Помолчав, Старовойтов отпустил минера и, когда он скрылся в люке, спокойно заметил:

— Что же, может, и так, но время терпит.

— Как терпит? Это невозможно, Константин Львович! Идти на операцию и думать о том, что рядом притаился какой-то мерзавец, который только и ждет удобного случая!.. — воскликнул Чупров.

— А вы не думайте, — ответил Старовойтов.

— Благодарю за совет. К сожалению, не смогу воспользоваться.

Клочковский молчал, а Чупров злился на себя за то, что он сам первый вел себя беспечно; его теперь неотступно преследовал разговор с Конашевичем. Подобно Бухвостову, он перебирал в уме членов экипажа в поисках способного на диверсионный акт. Об этом же думал Старовойтов. Думал об этом комбриг. Но никто не произносил ни слова.
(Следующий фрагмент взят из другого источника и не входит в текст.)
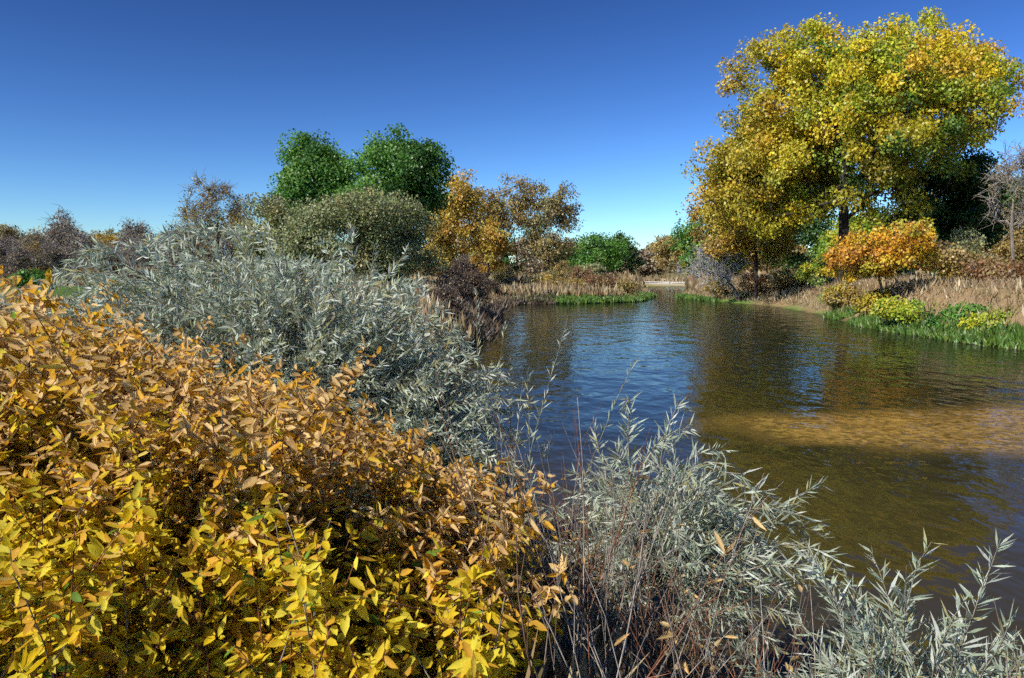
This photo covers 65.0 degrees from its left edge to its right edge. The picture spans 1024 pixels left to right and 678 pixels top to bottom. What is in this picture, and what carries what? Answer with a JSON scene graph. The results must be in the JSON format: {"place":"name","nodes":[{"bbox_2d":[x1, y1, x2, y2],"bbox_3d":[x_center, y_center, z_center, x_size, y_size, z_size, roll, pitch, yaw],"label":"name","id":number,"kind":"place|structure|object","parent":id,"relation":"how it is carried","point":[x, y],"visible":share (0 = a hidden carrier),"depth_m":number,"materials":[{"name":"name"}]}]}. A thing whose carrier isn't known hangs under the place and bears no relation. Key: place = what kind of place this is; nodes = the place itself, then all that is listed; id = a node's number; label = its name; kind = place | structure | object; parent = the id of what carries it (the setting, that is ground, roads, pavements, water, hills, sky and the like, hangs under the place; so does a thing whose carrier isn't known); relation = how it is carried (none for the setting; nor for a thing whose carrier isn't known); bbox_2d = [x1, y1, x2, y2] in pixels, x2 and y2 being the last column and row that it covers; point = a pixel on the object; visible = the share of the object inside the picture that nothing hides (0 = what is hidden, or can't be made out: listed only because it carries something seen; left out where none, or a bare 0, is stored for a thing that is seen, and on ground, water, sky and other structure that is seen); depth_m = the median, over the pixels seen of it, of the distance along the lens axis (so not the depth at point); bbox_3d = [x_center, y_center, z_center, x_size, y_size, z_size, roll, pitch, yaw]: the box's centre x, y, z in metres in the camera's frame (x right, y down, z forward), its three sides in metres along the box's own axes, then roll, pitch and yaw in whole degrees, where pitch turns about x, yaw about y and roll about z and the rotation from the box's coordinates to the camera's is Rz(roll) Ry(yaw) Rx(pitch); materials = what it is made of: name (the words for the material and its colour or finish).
{"place":"outdoors","nodes":[
{"label":"outdoors","id":0,"kind":"place"},
{"bbox_2d":[0,284,534,491],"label":"dry bank grass","id":1,"kind":"structure","parent":0,"point":[427,302],"depth_m":30.03,"materials":[{"name":"beige plant"}]},
{"bbox_2d":[0,267,938,290],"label":"plain grass","id":2,"kind":"structure","parent":0,"point":[691,283],"depth_m":134.73,"materials":[{"name":"beige plant"}]},
{"bbox_2d":[30,239,84,284],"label":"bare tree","id":3,"kind":"object","parent":2,"relation":"on","point":[64,255],"visible":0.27,"depth_m":127.14,"materials":[{"name":"brown plant"}]},
{"bbox_2d":[0,263,1023,677],"bbox_3d":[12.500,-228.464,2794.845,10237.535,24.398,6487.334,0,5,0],"label":"terrain","id":4,"kind":"structure","parent":0,"point":[940,301],"depth_m":56.34,"materials":[{"name":"soil"}]},
{"bbox_2d":[0,265,23,278],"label":"bush","id":5,"kind":"object","parent":4,"relation":"on","point":[10,271],"depth_m":119.04,"materials":[{"name":"brown plant"}]},
{"bbox_2d":[0,223,26,242],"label":"tree","id":6,"kind":"object","parent":4,"relation":"on","point":[5,231],"visible":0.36,"depth_m":185.03,"materials":[{"name":"brown plant"}]},
{"bbox_2d":[0,233,28,270],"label":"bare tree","id":7,"kind":"object","parent":4,"relation":"on","point":[5,246],"visible":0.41,"depth_m":127.20,"materials":[{"name":"brown plant"}]},
{"bbox_2d":[6,264,58,288],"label":"bush","id":8,"kind":"object","parent":4,"relation":"on","point":[26,275],"depth_m":88.70,"materials":[{"name":"green plant"}]},
{"bbox_2d":[14,225,50,267],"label":"tree","id":9,"kind":"object","parent":4,"relation":"on","point":[35,249],"visible":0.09,"depth_m":165.69,"materials":[{"name":"brown plant"}]},
{"bbox_2d":[1,228,67,273],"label":"bare tree","id":10,"kind":"object","parent":4,"relation":"on","point":[21,255],"visible":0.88,"depth_m":123.03,"materials":[{"name":"grey plant"}]},
{"bbox_2d":[38,204,88,260],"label":"tree","id":11,"kind":"object","parent":4,"relation":"on","point":[57,227],"visible":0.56,"depth_m":149.54,"materials":[{"name":"brown plant"}]},
{"bbox_2d":[58,225,117,272],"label":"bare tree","id":12,"kind":"object","parent":4,"relation":"on","point":[76,236],"visible":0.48,"depth_m":117.58,"materials":[{"name":"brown plant"}]},
{"bbox_2d":[78,227,116,266],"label":"tree","id":13,"kind":"object","parent":4,"relation":"on","point":[110,231],"visible":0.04,"depth_m":204.57,"materials":[{"name":"brown plant"}]},
{"bbox_2d":[76,264,127,286],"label":"bush","id":14,"kind":"object","parent":4,"relation":"on","point":[100,271],"depth_m":117.58,"materials":[{"name":"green plant"}]},
{"bbox_2d":[84,231,122,269],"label":"tree","id":15,"kind":"object","parent":4,"relation":"on","point":[108,238],"visible":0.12,"depth_m":168.53,"materials":[{"name":"plant"}]},
{"bbox_2d":[105,230,138,272],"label":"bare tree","id":16,"kind":"object","parent":4,"relation":"on","point":[125,238],"visible":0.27,"depth_m":136.21,"materials":[{"name":"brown plant"}]},
{"bbox_2d":[114,217,156,259],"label":"tree","id":17,"kind":"object","parent":4,"relation":"on","point":[127,227],"visible":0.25,"depth_m":174.29,"materials":[{"name":"grey plant"}]},
{"bbox_2d":[114,229,167,267],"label":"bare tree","id":18,"kind":"object","parent":4,"relation":"on","point":[137,261],"visible":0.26,"depth_m":117.73,"materials":[{"name":"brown plant"}]},
{"bbox_2d":[118,264,171,284],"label":"bush","id":19,"kind":"object","parent":4,"relation":"on","point":[138,268],"depth_m":107.91,"materials":[{"name":"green plant"}]},
{"bbox_2d":[157,220,209,266],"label":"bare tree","id":20,"kind":"object","parent":4,"relation":"on","point":[175,253],"visible":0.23,"depth_m":115.57,"materials":[{"name":"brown plant"}]},
{"bbox_2d":[164,167,251,262],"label":"bare tree","id":21,"kind":"object","parent":4,"relation":"on","point":[212,193],"visible":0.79,"depth_m":83.46,"materials":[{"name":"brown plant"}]},
{"bbox_2d":[191,232,233,266],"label":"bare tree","id":22,"kind":"object","parent":4,"relation":"on","point":[231,254],"visible":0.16,"depth_m":139.57,"materials":[{"name":"grey plant"}]},
{"bbox_2d":[199,254,259,289],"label":"bush","id":23,"kind":"object","parent":4,"relation":"on","point":[229,269],"depth_m":67.93,"materials":[{"name":"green plant"}]},
{"bbox_2d":[220,197,269,257],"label":"bare tree","id":24,"kind":"object","parent":4,"relation":"on","point":[231,221],"visible":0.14,"depth_m":98.72,"materials":[{"name":"brown plant"}]},
{"bbox_2d":[0,212,544,467],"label":"silver shrub","id":25,"kind":"object","parent":4,"relation":"on","point":[264,323],"visible":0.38,"depth_m":5.46,"materials":[{"name":"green plant"}]},
{"bbox_2d":[0,459,546,677],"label":"yellow shrub","id":26,"kind":"object","parent":4,"relation":"on","point":[51,599],"visible":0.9,"depth_m":2.11,"materials":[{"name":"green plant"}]},
{"bbox_2d":[0,265,577,677],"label":"yellow shrub","id":27,"kind":"object","parent":4,"relation":"on","point":[161,428],"visible":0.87,"depth_m":2.56,"materials":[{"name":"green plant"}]},
{"bbox_2d":[266,128,362,236],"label":"green tree","id":28,"kind":"object","parent":4,"relation":"on","point":[314,169],"visible":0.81,"depth_m":93.49,"materials":[{"name":"green plant"}]},
{"bbox_2d":[231,185,446,290],"bbox_3d":[-10.048,-5.241,45.760,12.797,6.650,11.103,0,5,0],"label":"tree","id":29,"kind":"object","parent":4,"relation":"on","point":[374,217],"visible":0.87,"depth_m":43.71,"materials":[{"name":"green plant"}]},
{"bbox_2d":[0,502,752,677],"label":"dry grass","id":30,"kind":"structure","parent":4,"relation":"on","point":[595,671],"depth_m":3.33,"materials":[{"name":"beige plant"}]},
{"bbox_2d":[468,286,638,603],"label":"willow shrub wands","id":31,"kind":"object","parent":30,"relation":"on","point":[529,428],"visible":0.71,"depth_m":5.30,"materials":[{"name":"grey plant"}]},
{"bbox_2d":[334,122,456,281],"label":"green tree","id":32,"kind":"object","parent":4,"relation":"on","point":[410,167],"visible":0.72,"depth_m":87.78,"materials":[{"name":"green plant"}]},
{"bbox_2d":[405,249,446,277],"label":"bush","id":33,"kind":"object","parent":4,"relation":"on","point":[436,273],"visible":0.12,"depth_m":397.68,"materials":[{"name":"green plant"}]},
{"bbox_2d":[333,334,545,570],"bbox_3d":[-0.727,1.248,5.453,1.985,2.582,2.011,3,6,35],"label":"silver shrub","id":34,"kind":"object","parent":4,"relation":"on","point":[416,411],"visible":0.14,"depth_m":5.35,"materials":[{"name":"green plant"}]},
{"bbox_2d":[421,284,463,309],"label":"shrub","id":35,"kind":"object","parent":4,"relation":"on","point":[441,294],"visible":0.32,"depth_m":35.32,"materials":[{"name":"brown plant"}]},
{"bbox_2d":[259,276,643,296],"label":"dry reeds","id":36,"kind":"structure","parent":4,"relation":"on","point":[567,289],"depth_m":85.37,"materials":[{"name":"beige plant"}]},
{"bbox_2d":[433,263,474,299],"bbox_3d":[-3.361,-2.944,44.755,2.530,2.643,3.233,0,5,0],"label":"shrub","id":37,"kind":"object","parent":4,"relation":"on","point":[457,280],"visible":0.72,"depth_m":44.41,"materials":[{"name":"brown plant"}]},
{"bbox_2d":[439,253,473,280],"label":"shrub","id":38,"kind":"object","parent":4,"relation":"on","point":[463,265],"visible":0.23,"depth_m":59.31,"materials":[{"name":"brown plant"}]},
{"bbox_2d":[421,166,494,267],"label":"tree","id":39,"kind":"object","parent":4,"relation":"on","point":[463,200],"visible":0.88,"depth_m":114.67,"materials":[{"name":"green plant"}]},
{"bbox_2d":[420,169,511,264],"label":"tan tree","id":40,"kind":"object","parent":4,"relation":"on","point":[482,192],"visible":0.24,"depth_m":146.40,"materials":[{"name":"orange plant"}]},
{"bbox_2d":[459,265,486,302],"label":"shrub","id":41,"kind":"object","parent":4,"relation":"on","point":[475,279],"visible":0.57,"depth_m":55.49,"materials":[{"name":"brown plant"}]},
{"bbox_2d":[391,291,559,341],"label":"dry reeds","id":42,"kind":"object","parent":4,"relation":"on","point":[488,324],"depth_m":43.66,"materials":[{"name":"brown plant"}]},
{"bbox_2d":[451,253,506,276],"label":"bush","id":43,"kind":"object","parent":4,"relation":"on","point":[472,265],"visible":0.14,"depth_m":369.83,"materials":[{"name":"brown plant"}]},
{"bbox_2d":[478,278,491,299],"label":"shrub","id":44,"kind":"object","parent":4,"relation":"on","point":[484,285],"visible":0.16,"depth_m":67.43,"materials":[{"name":"brown plant"}]},
{"bbox_2d":[468,219,511,276],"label":"yellow tree","id":45,"kind":"object","parent":4,"relation":"on","point":[500,241],"visible":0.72,"depth_m":133.00,"materials":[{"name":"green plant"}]},
{"bbox_2d":[483,277,504,293],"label":"shrub","id":46,"kind":"object","parent":4,"relation":"on","point":[492,285],"visible":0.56,"depth_m":79.65,"materials":[{"name":"brown plant"}]},
{"bbox_2d":[490,266,519,282],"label":"shrub","id":47,"kind":"object","parent":4,"relation":"on","point":[497,276],"visible":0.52,"depth_m":107.24,"materials":[{"name":"brown plant"}]},
{"bbox_2d":[490,235,538,274],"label":"bush","id":48,"kind":"object","parent":4,"relation":"on","point":[506,259],"visible":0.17,"depth_m":386.33,"materials":[{"name":"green plant"}]},
{"bbox_2d":[500,276,528,285],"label":"shrub","id":49,"kind":"object","parent":4,"relation":"on","point":[506,280],"visible":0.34,"depth_m":99.22,"materials":[{"name":"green plant"}]},
{"bbox_2d":[470,172,567,275],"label":"tan tree","id":50,"kind":"object","parent":4,"relation":"on","point":[526,200],"visible":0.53,"depth_m":151.28,"materials":[{"name":"brown plant"}]},
{"bbox_2d":[511,233,556,275],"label":"bush","id":51,"kind":"object","parent":4,"relation":"on","point":[532,268],"visible":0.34,"depth_m":351.21,"materials":[{"name":"brown plant"}]},
{"bbox_2d":[527,271,561,285],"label":"shrub","id":52,"kind":"object","parent":4,"relation":"on","point":[544,278],"visible":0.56,"depth_m":96.07,"materials":[{"name":"brown plant"}]},
{"bbox_2d":[516,180,585,271],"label":"tan tree","id":53,"kind":"object","parent":4,"relation":"on","point":[541,245],"visible":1,"depth_m":147.31,"materials":[{"name":"brown plant"}]},
{"bbox_2d":[542,259,571,281],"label":"shrub","id":54,"kind":"object","parent":4,"relation":"on","point":[558,273],"visible":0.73,"depth_m":119.55,"materials":[{"name":"beige plant"}]},
{"bbox_2d":[559,276,587,288],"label":"shrub","id":55,"kind":"object","parent":4,"relation":"on","point":[578,281],"visible":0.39,"depth_m":93.56,"materials":[{"name":"beige plant"}]},
{"bbox_2d":[570,264,595,280],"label":"shrub","id":56,"kind":"object","parent":4,"relation":"on","point":[577,269],"visible":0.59,"depth_m":109.30,"materials":[{"name":"brown plant"}]},
{"bbox_2d":[572,262,606,278],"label":"silver bush","id":57,"kind":"object","parent":4,"relation":"on","point":[598,268],"visible":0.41,"depth_m":123.23,"materials":[{"name":"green plant"}]},
{"bbox_2d":[566,232,630,270],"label":"green tree","id":58,"kind":"object","parent":4,"relation":"on","point":[608,254],"visible":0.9,"depth_m":234.77,"materials":[{"name":"green plant"}]},
{"bbox_2d":[582,269,615,287],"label":"shrub","id":59,"kind":"object","parent":4,"relation":"on","point":[599,280],"visible":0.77,"depth_m":92.38,"materials":[{"name":"brown plant"}]},
{"bbox_2d":[488,291,719,303],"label":"green grass","id":60,"kind":"structure","parent":4,"relation":"on","point":[563,298],"depth_m":83.88,"materials":[{"name":"green plant"}]},
{"bbox_2d":[607,230,645,273],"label":"green tree","id":61,"kind":"object","parent":4,"relation":"on","point":[634,254],"visible":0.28,"depth_m":247.80,"materials":[{"name":"green plant"}]},
{"bbox_2d":[610,278,642,294],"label":"shrub","id":62,"kind":"object","parent":4,"relation":"on","point":[625,284],"visible":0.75,"depth_m":91.88,"materials":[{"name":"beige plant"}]},
{"bbox_2d":[621,246,667,277],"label":"bush","id":63,"kind":"object","parent":4,"relation":"on","point":[647,268],"visible":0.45,"depth_m":329.46,"materials":[{"name":"brown plant"}]},
{"bbox_2d":[632,241,677,273],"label":"horizon tree","id":64,"kind":"object","parent":4,"relation":"on","point":[661,253],"visible":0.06,"depth_m":409.70,"materials":[{"name":"brown plant"}]},
{"bbox_2d":[649,235,682,283],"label":"tan tree","id":65,"kind":"object","parent":4,"relation":"on","point":[663,260],"visible":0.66,"depth_m":222.87,"materials":[{"name":"brown plant"}]},
{"bbox_2d":[649,234,682,277],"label":"horizon tree","id":66,"kind":"object","parent":4,"relation":"on","point":[672,271],"visible":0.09,"depth_m":456.33,"materials":[{"name":"brown plant"}]},
{"bbox_2d":[335,370,1020,677],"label":"dry stems","id":67,"kind":"object","parent":4,"relation":"on","point":[654,663],"visible":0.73,"depth_m":3.08,"materials":[{"name":"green plant"}]},
{"bbox_2d":[665,216,712,276],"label":"green tree","id":68,"kind":"object","parent":4,"relation":"on","point":[685,244],"visible":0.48,"depth_m":197.55,"materials":[{"name":"green plant"}]},
{"bbox_2d":[520,392,877,677],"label":"silver shrub","id":69,"kind":"object","parent":4,"relation":"on","point":[697,522],"visible":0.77,"depth_m":4.27,"materials":[{"name":"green plant"}]},
{"bbox_2d":[674,236,753,299],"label":"bush","id":70,"kind":"object","parent":4,"relation":"on","point":[722,274],"visible":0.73,"depth_m":82.51,"materials":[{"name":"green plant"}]},
{"bbox_2d":[702,276,737,297],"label":"shrub","id":71,"kind":"object","parent":4,"relation":"on","point":[715,290],"visible":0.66,"depth_m":89.28,"materials":[{"name":"brown plant"}]},
{"bbox_2d":[694,228,751,273],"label":"bush","id":72,"kind":"object","parent":4,"relation":"on","point":[705,241],"visible":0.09,"depth_m":137.77,"materials":[{"name":"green plant"}]},
{"bbox_2d":[675,136,816,301],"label":"tree","id":73,"kind":"object","parent":4,"relation":"on","point":[772,249],"visible":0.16,"depth_m":78.90,"materials":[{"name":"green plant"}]},
{"bbox_2d":[738,271,773,296],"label":"shrub","id":74,"kind":"object","parent":4,"relation":"on","point":[750,286],"visible":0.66,"depth_m":81.02,"materials":[{"name":"brown plant"}]},
{"bbox_2d":[740,231,800,271],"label":"bush","id":75,"kind":"object","parent":4,"relation":"on","point":[777,262],"visible":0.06,"depth_m":148.83,"materials":[{"name":"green plant"}]},
{"bbox_2d":[764,264,818,290],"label":"shrub","id":76,"kind":"object","parent":4,"relation":"on","point":[778,277],"visible":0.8,"depth_m":76.92,"materials":[{"name":"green plant"}]},
{"bbox_2d":[751,213,836,270],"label":"bush","id":77,"kind":"object","parent":4,"relation":"on","point":[811,234],"visible":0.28,"depth_m":125.26,"materials":[{"name":"green plant"}]},
{"bbox_2d":[790,243,811,270],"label":"bush","id":78,"kind":"object","parent":4,"relation":"on","point":[802,248],"visible":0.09,"depth_m":384.22,"materials":[{"name":"brown plant"}]},
{"bbox_2d":[607,272,1023,333],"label":"dry grass","id":79,"kind":"structure","parent":4,"relation":"on","point":[915,282],"depth_m":46.74,"materials":[{"name":"beige plant"}]},
{"bbox_2d":[794,255,849,289],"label":"shrub","id":80,"kind":"object","parent":4,"relation":"on","point":[812,269],"visible":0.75,"depth_m":69.22,"materials":[{"name":"green plant"}]},
{"bbox_2d":[821,281,861,307],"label":"shrub","id":81,"kind":"object","parent":4,"relation":"on","point":[844,296],"visible":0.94,"depth_m":54.30,"materials":[{"name":"yellow plant"}]},
{"bbox_2d":[816,283,867,310],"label":"water bush","id":82,"kind":"object","parent":4,"relation":"on","point":[833,308],"visible":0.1,"depth_m":55.53,"materials":[{"name":"brown plant"}]},
{"bbox_2d":[809,207,889,275],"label":"tree","id":83,"kind":"object","parent":4,"relation":"on","point":[829,237],"visible":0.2,"depth_m":117.88,"materials":[{"name":"yellow plant"}]},
{"bbox_2d":[680,5,1023,283],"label":"cottonwood tree","id":84,"kind":"object","parent":4,"relation":"on","point":[905,80],"visible":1,"depth_m":63.15,"materials":[{"name":"yellow plant"}]},
{"bbox_2d":[697,527,1023,677],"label":"silver shrub","id":85,"kind":"object","parent":4,"relation":"on","point":[879,663],"visible":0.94,"depth_m":3.34,"materials":[{"name":"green plant"}]},
{"bbox_2d":[850,285,898,315],"bbox_3d":[21.470,-2.121,47.004,3.582,2.138,3.749,0,5,0],"label":"water bush","id":86,"kind":"object","parent":4,"relation":"on","point":[865,300],"visible":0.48,"depth_m":46.26,"materials":[{"name":"yellow plant"}]},
{"bbox_2d":[820,213,944,297],"bbox_3d":[21.419,-4.292,46.039,6.855,5.362,6.015,4,6,38],"label":"orange maple tree","id":87,"kind":"object","parent":4,"relation":"on","point":[906,245],"visible":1,"depth_m":44.68,"materials":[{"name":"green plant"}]},
{"bbox_2d":[871,202,923,273],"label":"tree","id":88,"kind":"object","parent":4,"relation":"on","point":[906,268],"visible":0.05,"depth_m":122.95,"materials":[{"name":"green plant"}]},
{"bbox_2d":[868,295,945,326],"bbox_3d":[20.189,-1.449,40.957,4.239,1.692,4.012,-2,5,-23],"label":"water bush","id":89,"kind":"object","parent":4,"relation":"on","point":[894,310],"visible":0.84,"depth_m":40.12,"materials":[{"name":"yellow plant"}]},
{"bbox_2d":[823,305,1023,350],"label":"green bank grass","id":90,"kind":"structure","parent":4,"relation":"on","point":[1009,338],"depth_m":35.20,"materials":[{"name":"green plant"}]},
{"bbox_2d":[881,145,1021,265],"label":"tree","id":91,"kind":"object","parent":4,"relation":"on","point":[958,207],"visible":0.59,"depth_m":73.94,"materials":[{"name":"green plant"}]},
{"bbox_2d":[916,301,991,326],"bbox_3d":[20.890,-0.910,36.744,3.523,1.662,3.738,0,5,0],"label":"water bush","id":92,"kind":"object","parent":4,"relation":"on","point":[954,312],"visible":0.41,"depth_m":36.44,"materials":[{"name":"green plant"}]},
{"bbox_2d":[916,240,995,279],"bbox_3d":[27.476,-4.756,49.623,4.205,2.922,5.196,0,5,0],"label":"shrub","id":93,"kind":"object","parent":4,"relation":"on","point":[952,257],"visible":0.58,"depth_m":49.18,"materials":[{"name":"beige plant"}]},
{"bbox_2d":[947,225,996,264],"bbox_3d":[34.307,-6.393,60.100,3.721,4.361,3.864,2,5,28],"label":"shrub","id":94,"kind":"object","parent":4,"relation":"on","point":[961,239],"visible":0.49,"depth_m":59.91,"materials":[{"name":"green plant"}]},
{"bbox_2d":[957,306,1017,331],"bbox_3d":[20.895,-0.601,34.112,2.968,1.783,3.031,-1,5,-12],"label":"water bush","id":95,"kind":"object","parent":4,"relation":"on","point":[971,322],"visible":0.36,"depth_m":33.79,"materials":[{"name":"yellow plant"}]},
{"bbox_2d":[958,251,1023,281],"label":"shrub","id":96,"kind":"object","parent":4,"relation":"on","point":[997,268],"visible":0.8,"depth_m":43.22,"materials":[{"name":"brown plant"}]},
{"bbox_2d":[971,138,1023,259],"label":"bare tree","id":97,"kind":"object","parent":4,"relation":"on","point":[1009,167],"visible":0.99,"depth_m":51.66,"materials":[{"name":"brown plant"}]},
{"bbox_2d":[980,207,1023,262],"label":"bush","id":98,"kind":"object","parent":4,"relation":"on","point":[1003,250],"visible":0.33,"depth_m":92.46,"materials":[{"name":"beige plant"}]},
{"bbox_2d":[991,172,1023,233],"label":"green tree","id":99,"kind":"object","parent":4,"relation":"on","point":[1005,197],"visible":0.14,"depth_m":105.39,"materials":[{"name":"green plant"}]},
{"bbox_2d":[994,631,1023,677],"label":"silver shrub","id":100,"kind":"object","parent":4,"relation":"on","point":[1015,661],"visible":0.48,"depth_m":3.15,"materials":[{"name":"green plant"}]},
{"bbox_2d":[0,0,1023,262],"label":"sky","id":101,"kind":"structure","parent":0,"point":[107,107],"materials":[{"name":"blue"}]},
{"bbox_2d":[438,286,1023,677],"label":"river water","id":102,"kind":"structure","parent":0,"point":[900,441],"depth_m":14.68,"materials":[{"name":"liquid"}]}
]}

Солнце опускалось за горизонт. Темно-синее море лежало неподвижно, точно стальной лист на жаровне с углями, — из-под его края билось и не погасало красное пламя заката, дымящееся в облаках.

Внизу просвистела боцманская дудка. Команде пришло время ужинать. Клочковский вызвал сигнальщика и передал семафор сопровождающим лодкам с приказанием разойтись; утром корабли должны были собраться в заранее условленном месте.

Внешне ничем не выдавая своего волнения, Чупров спустился вниз. В центральном посту слышался равномерный такт двигателей, гудели вентиляторы, поскрипывали приводы, когда штурвальный перекладывал вертикальный руль. Чупров поглядел на черные распределительные доски, на циферблаты приборов. Каждый рычажок, переключатель, каждый циферблат или стеклянный глазок прибора — все сложное нагромождение аппаратуры являлось результатом усилия множества людей, воплощало в себе их творческие способности, вдохновенные порывы, долгий, терпеливый труд. И всю его жизнь. Пусть механизм для постановки мин в подводном положении несовершенен, пусть техническое устройство лодки далеко от идеала, подводный минный заградитель, сама мысль постановки минных заграждений под водой, успех операции, десятки человеческих жизней — все это зависело теперь от злой воли неведомого врага. Кто он, этот человек, пробравшийся, может быть, в тесную семью подводников? Может быть, это электрик, не отрывающий глаз от вольтметров и амперметров на распределительной доске? Или тот сигнальщик с младенческим лицом, которого комбриг вызвал наверх, чтобы передать семафор сопровождающим лодкам? Или тот матрос гигантского роста? Чупров выругался про себя — какие мысли лезут в голову!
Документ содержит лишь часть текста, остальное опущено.